▶ _What to produce_:
Write the records below out again exactly as given, with no images.

════════════════

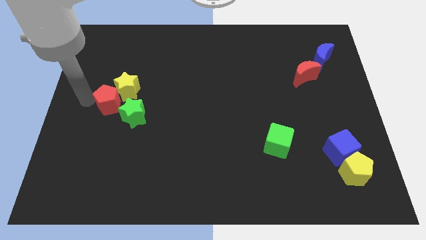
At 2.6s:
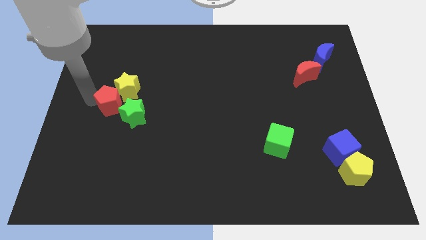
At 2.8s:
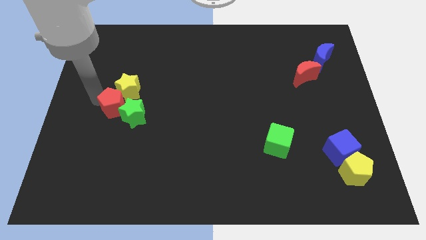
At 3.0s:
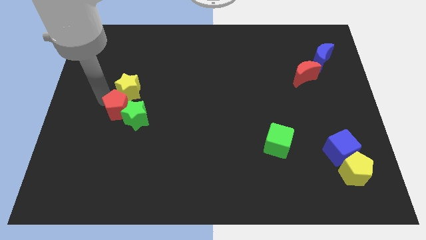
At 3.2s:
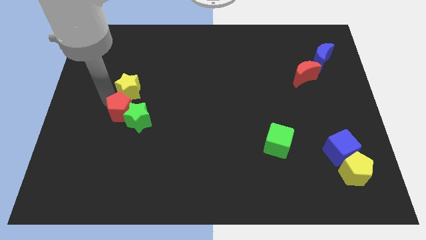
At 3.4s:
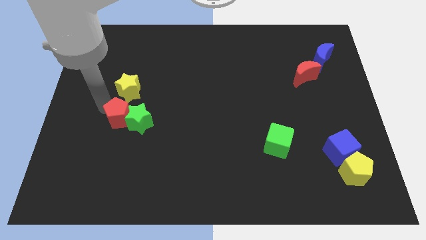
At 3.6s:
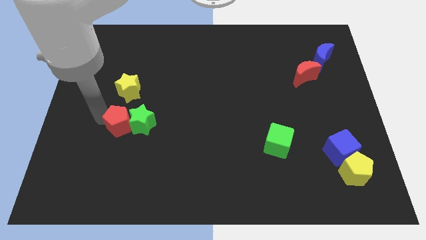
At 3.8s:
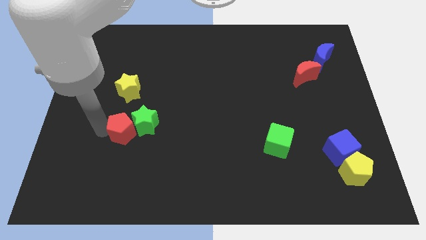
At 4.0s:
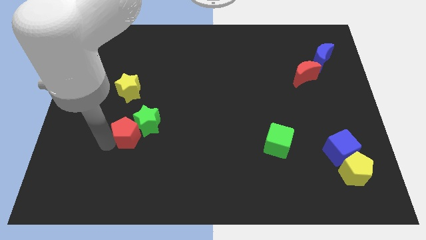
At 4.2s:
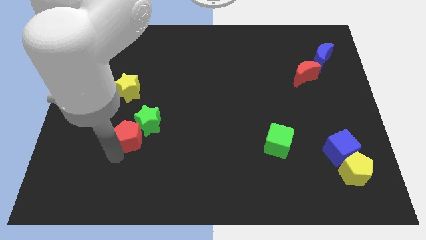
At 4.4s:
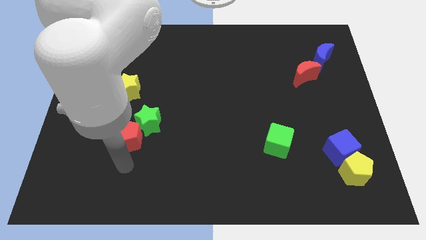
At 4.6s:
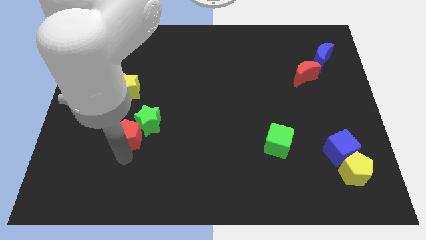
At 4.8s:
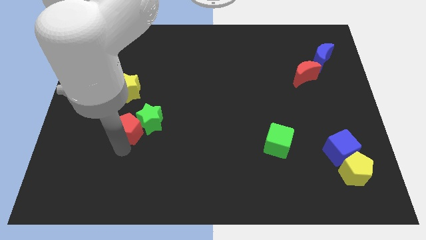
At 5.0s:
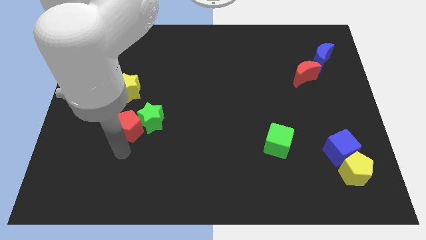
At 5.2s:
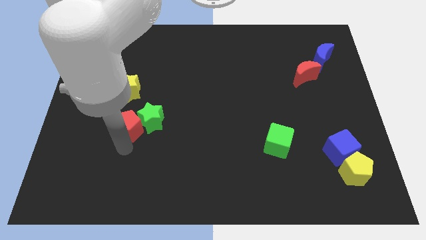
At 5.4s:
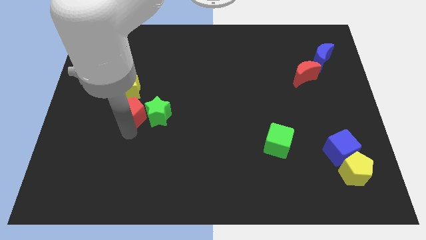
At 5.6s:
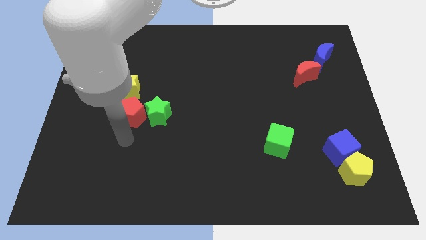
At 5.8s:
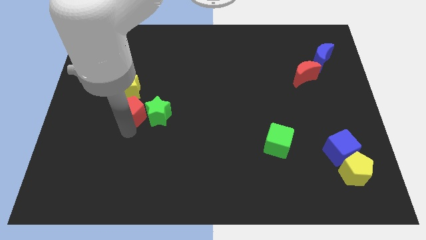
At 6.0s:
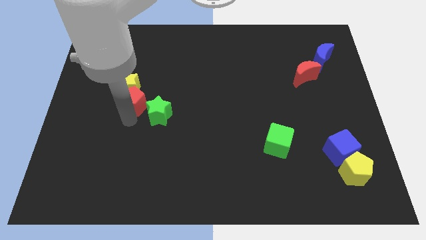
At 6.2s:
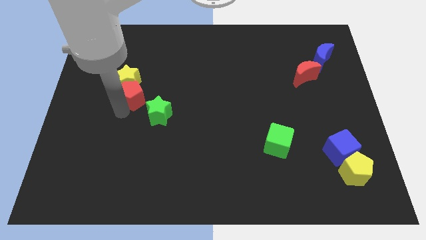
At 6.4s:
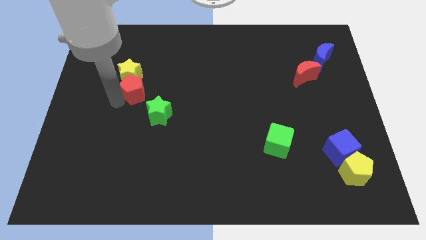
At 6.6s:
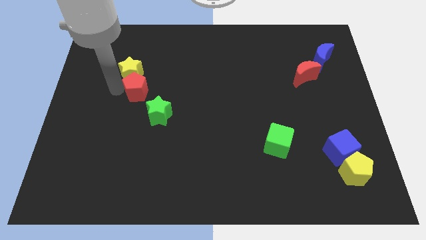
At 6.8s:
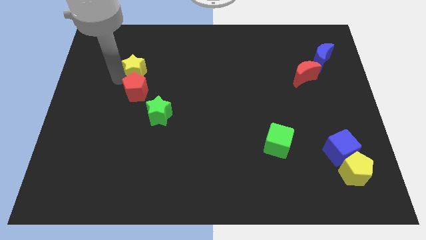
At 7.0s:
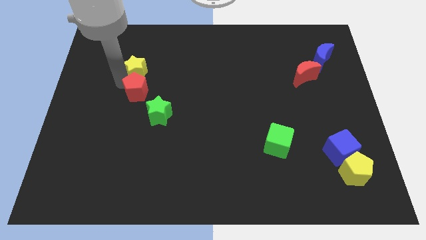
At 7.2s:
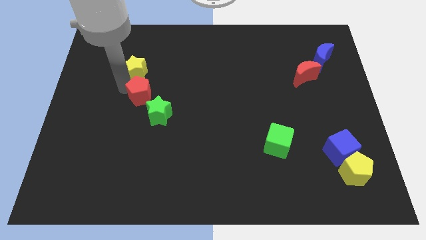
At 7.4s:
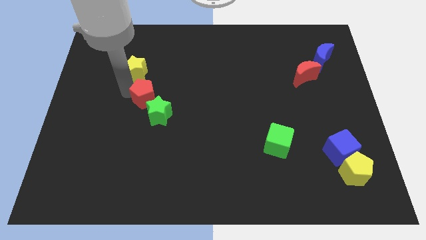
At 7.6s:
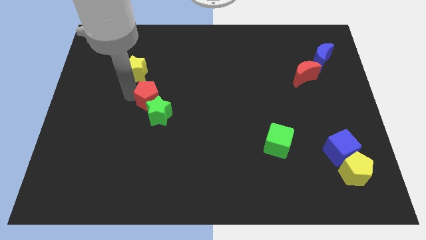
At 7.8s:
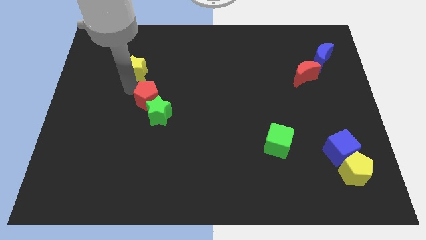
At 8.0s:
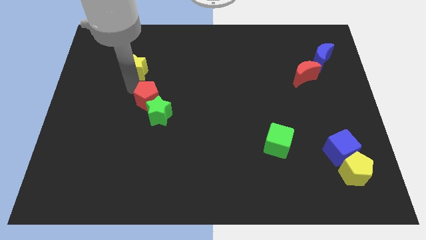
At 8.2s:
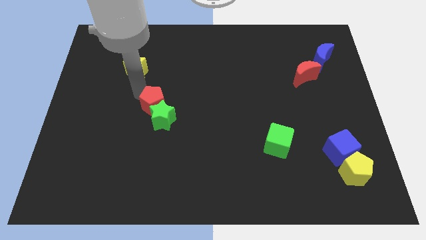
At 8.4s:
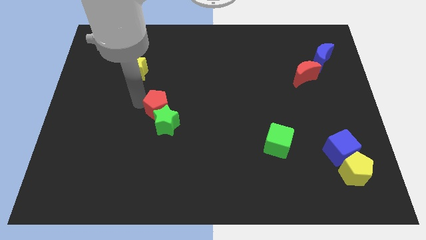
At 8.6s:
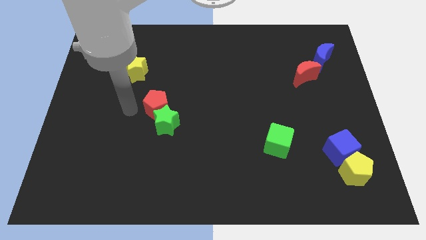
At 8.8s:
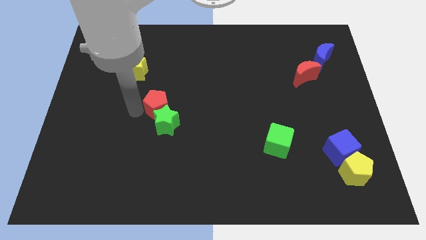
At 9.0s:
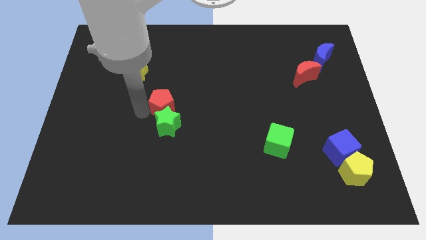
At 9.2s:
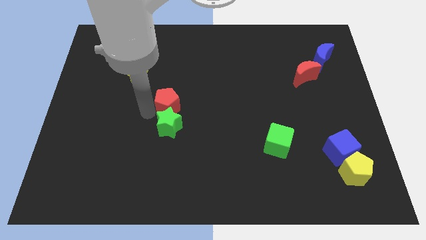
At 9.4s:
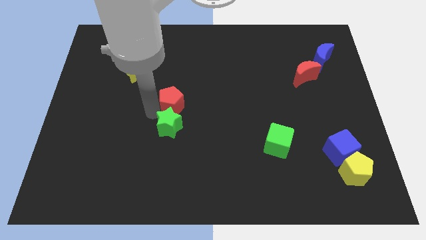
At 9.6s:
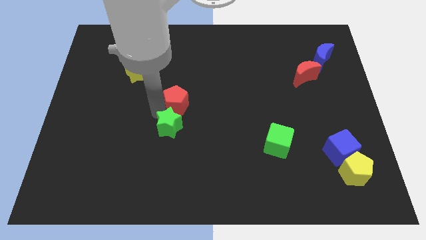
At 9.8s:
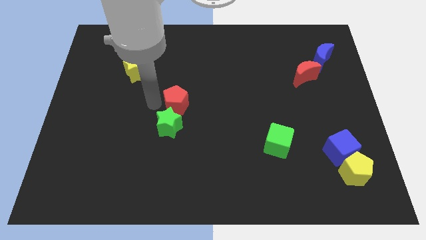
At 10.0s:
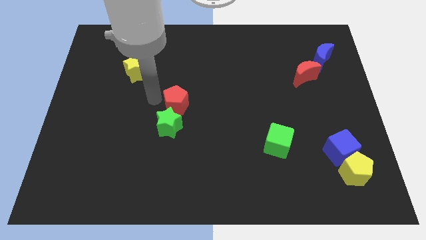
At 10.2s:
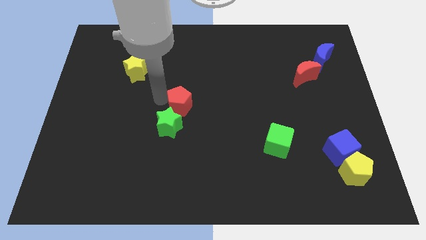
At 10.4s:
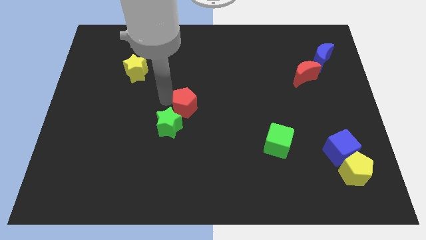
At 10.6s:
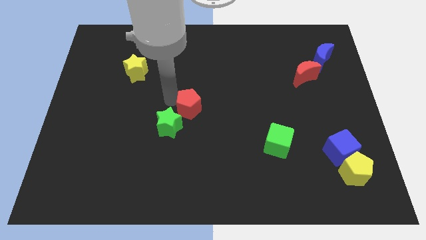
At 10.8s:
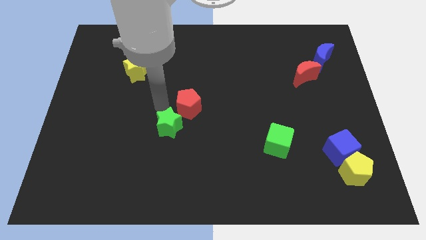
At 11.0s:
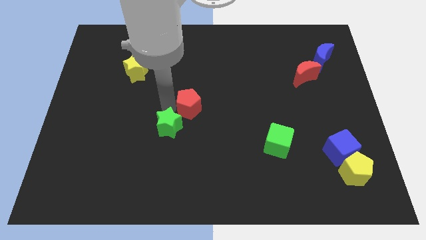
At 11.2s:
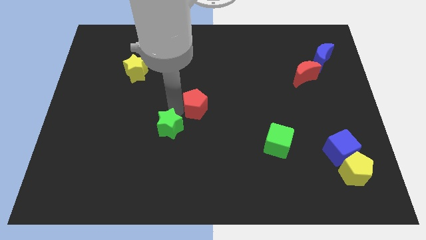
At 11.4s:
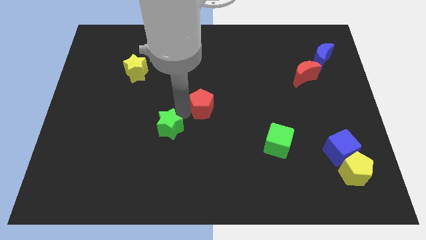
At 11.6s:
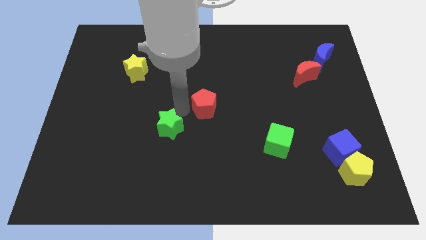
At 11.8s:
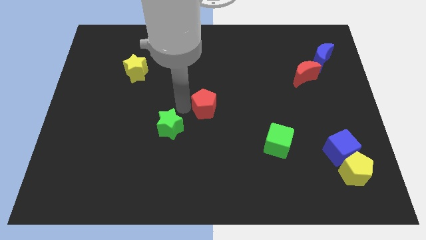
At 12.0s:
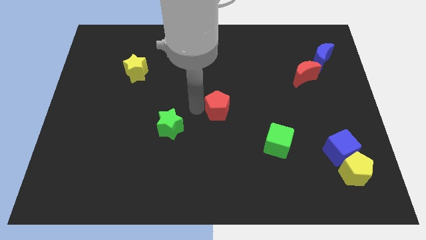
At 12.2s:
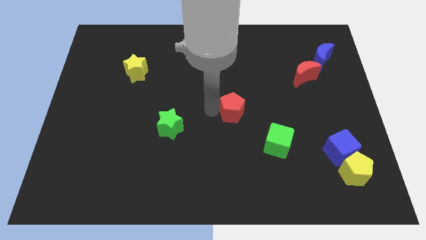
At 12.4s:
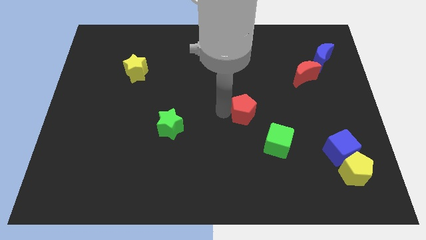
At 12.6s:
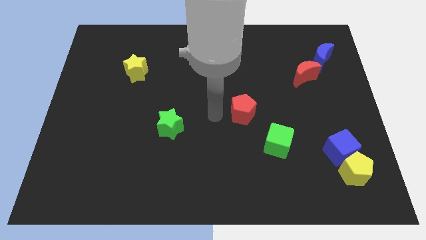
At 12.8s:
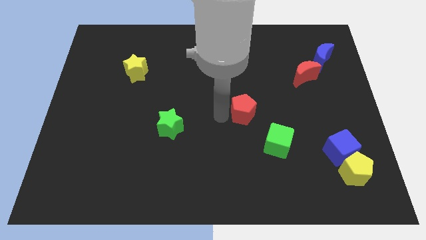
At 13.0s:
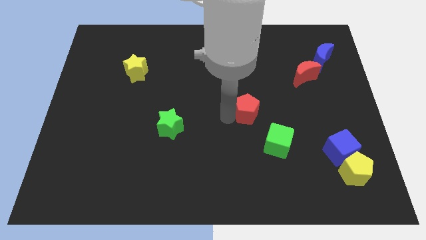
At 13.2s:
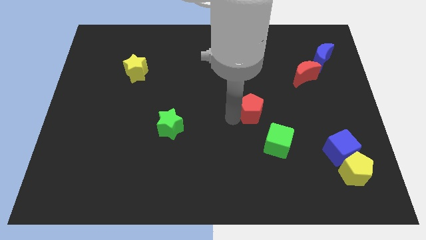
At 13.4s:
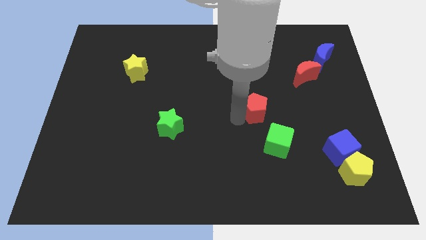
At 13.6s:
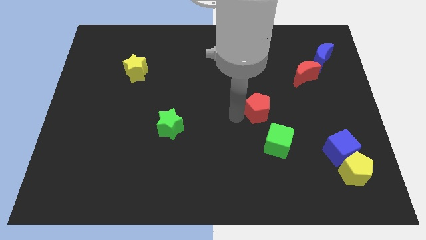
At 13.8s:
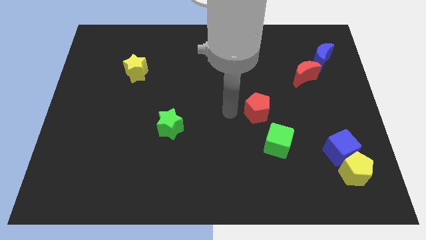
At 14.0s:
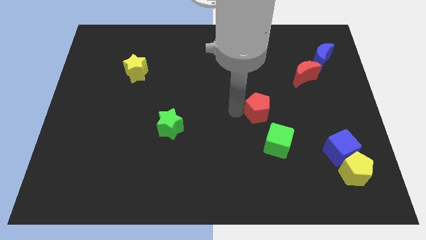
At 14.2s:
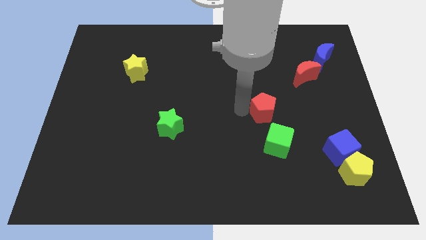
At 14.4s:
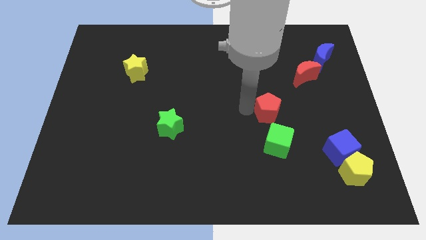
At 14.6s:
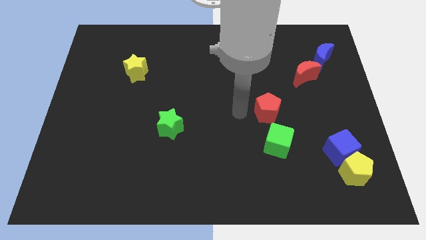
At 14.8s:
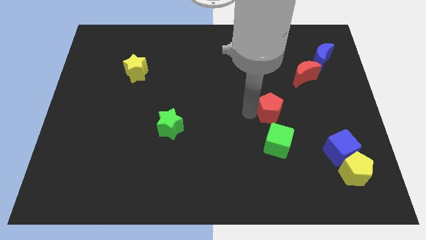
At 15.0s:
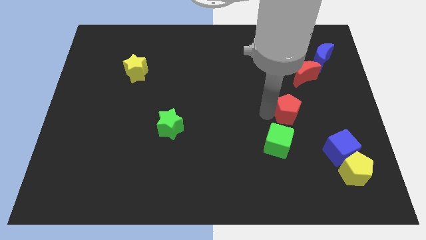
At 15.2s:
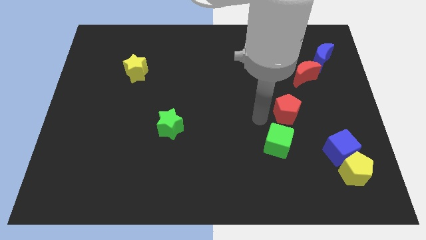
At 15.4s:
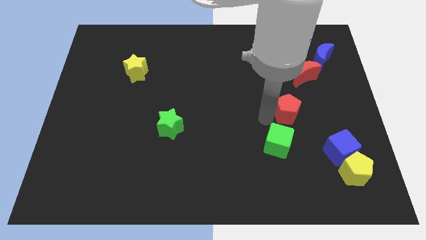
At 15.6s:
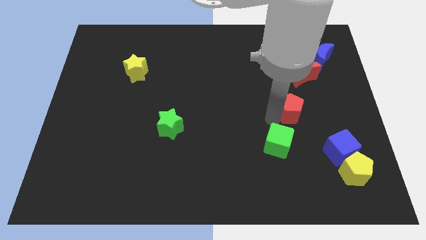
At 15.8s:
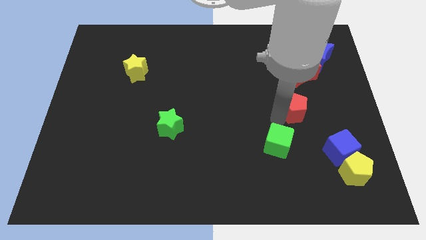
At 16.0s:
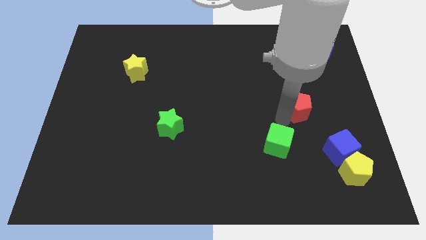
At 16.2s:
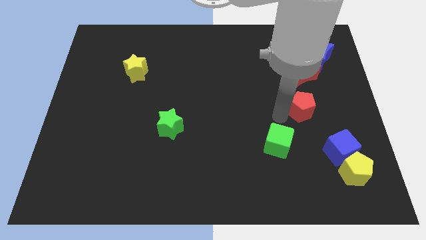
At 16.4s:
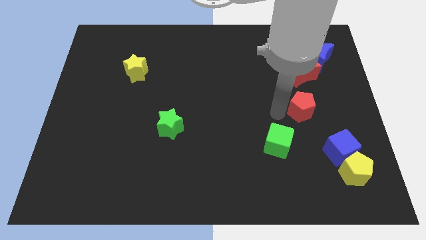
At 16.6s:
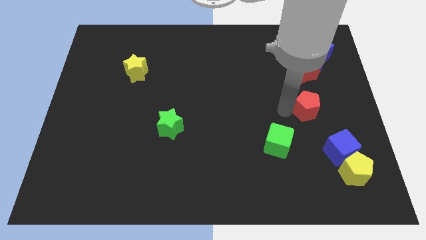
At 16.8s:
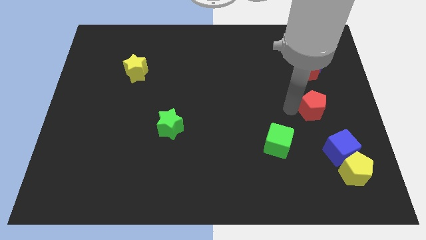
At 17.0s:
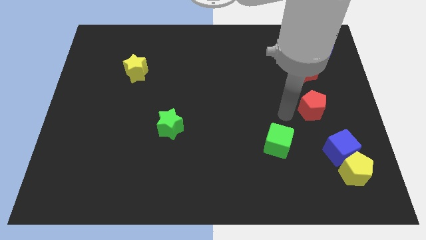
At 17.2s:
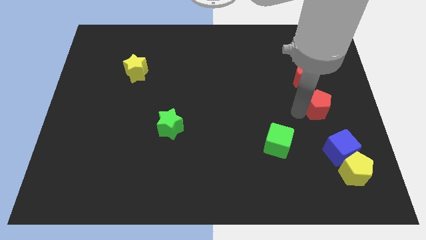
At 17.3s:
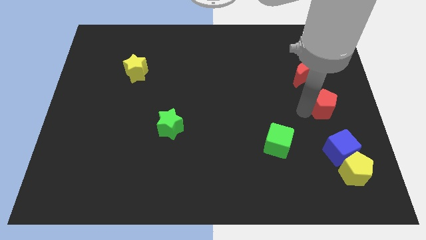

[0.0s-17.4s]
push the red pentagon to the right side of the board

════════════════

▶ _Result of the task_:
At 2.6s:
At 2.8s:
At 3.0s:
At 3.2s:
At 3.4s:
At 3.6s:
At 3.8s:
At 4.0s:
At 4.2s:
At 4.4s:
At 4.6s:
At 4.8s:
At 5.0s:
At 5.2s:
At 5.4s:
At 5.6s:
At 5.8s:
At 6.0s:
At 6.2s:
At 6.4s:
At 6.6s:
At 6.8s:
At 7.0s:
At 7.2s:
At 7.4s:
At 7.6s:
At 7.8s:
At 8.0s:
At 8.2s:
At 8.4s:
At 8.6s:
At 8.8s:
At 9.0s:
At 9.2s:
At 9.4s:
At 9.6s:
At 9.8s:
At 10.0s:
At 10.2s:
At 10.4s:
At 10.6s:
At 10.8s:
At 11.0s:
At 11.2s:
At 11.4s:
At 11.6s:
At 11.8s:
At 12.0s:
At 12.2s:
At 12.4s:
At 12.6s:
At 12.8s:
At 13.0s:
At 13.2s:
At 13.4s:
At 13.6s:
At 13.8s:
At 14.0s:
At 14.2s:
At 14.4s:
At 14.6s:
At 14.8s:
At 15.0s:
At 15.2s:
At 15.4s:
At 15.6s:
At 15.8s:
At 16.0s:
At 16.2s:
At 16.4s:
At 16.6s:
At 16.8s:
At 17.0s:
At 17.2s:
At 17.3s:

[0.0s-17.4s]
push the red pentagon to the right side of the board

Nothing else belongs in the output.